Parsa Nasim, Khashab Mouen A
Division of Gastroenterology and Hepatology, University of Missouri, Columbia, MO, USA.
Division of Gastroenterology and Hepatology, Johns Hopkins Hospital, Baltimore, MD, USA.
Clin Endosc. 2019 Nov;52(6):556-564. doi: 10.5946/ce.2019.011. Epub 2019 Jul 16.

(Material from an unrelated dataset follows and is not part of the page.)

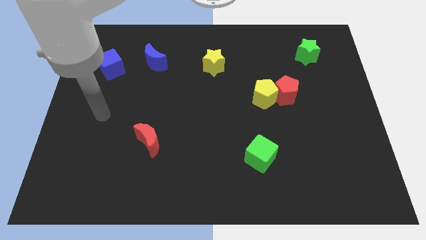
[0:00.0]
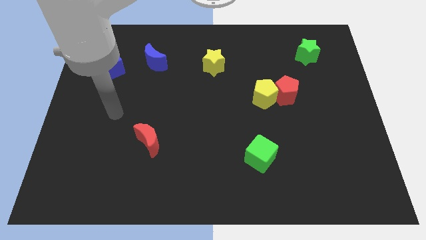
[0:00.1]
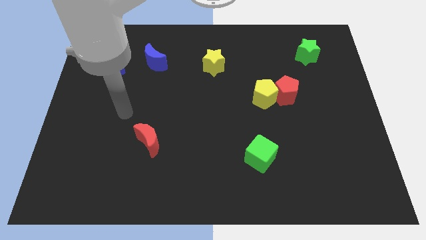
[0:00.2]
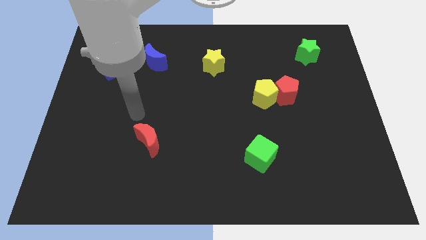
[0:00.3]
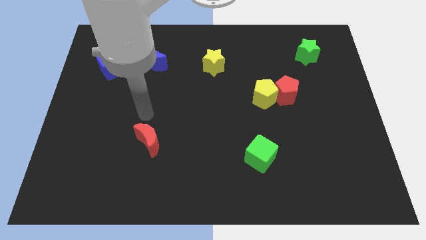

Biliary strictures are considered indeterminate when the initial radiologic evaluation and endoscopic retrograde cholangiopancreatography with brush cytology and/or forceps biopsy do not reveal diagnostic findings. Evaluation of these strictures is challenging and often requires a multidisciplinary approach and multiple procedures. Peroral cholangioscopy allows direct visualization of these lesions and targeted tissue acquisition using miniature biopsy forceps. In the past decade, there have been significant improvements in the field of cholangioscopy. These advances have allowed higher-quality image acquisition, easy setup, operation by a single operator, easy maneuverability, and excellent targeted tissue sampling performance. However, the interpretation of cholangioscopic visual findings remains challenging. In this review, we discuss the role of peroral cholangioscopy in the evaluation of indeterminate biliary strictures.
当初始影像学评估以及采用刷检细胞学检查和/或钳取活检的内镜逆行胰胆管造影未发现诊断性结果时,胆管狭窄被视为不明确。对这些狭窄进行评估具有挑战性,通常需要多学科方法和多种检查程序。经口胆管镜检查可直接观察这些病变,并使用微型活检钳获取靶向组织。在过去十年中,胆管镜领域取得了重大进展。这些进展使得能够获得更高质量的图像、易于设置、由单一操作人员操作、易于操控以及具有出色的靶向组织采样性能。然而,胆管镜视觉检查结果的解读仍然具有挑战性。在本综述中,我们讨论经口胆管镜检查在评估不明确胆管狭窄中的作用。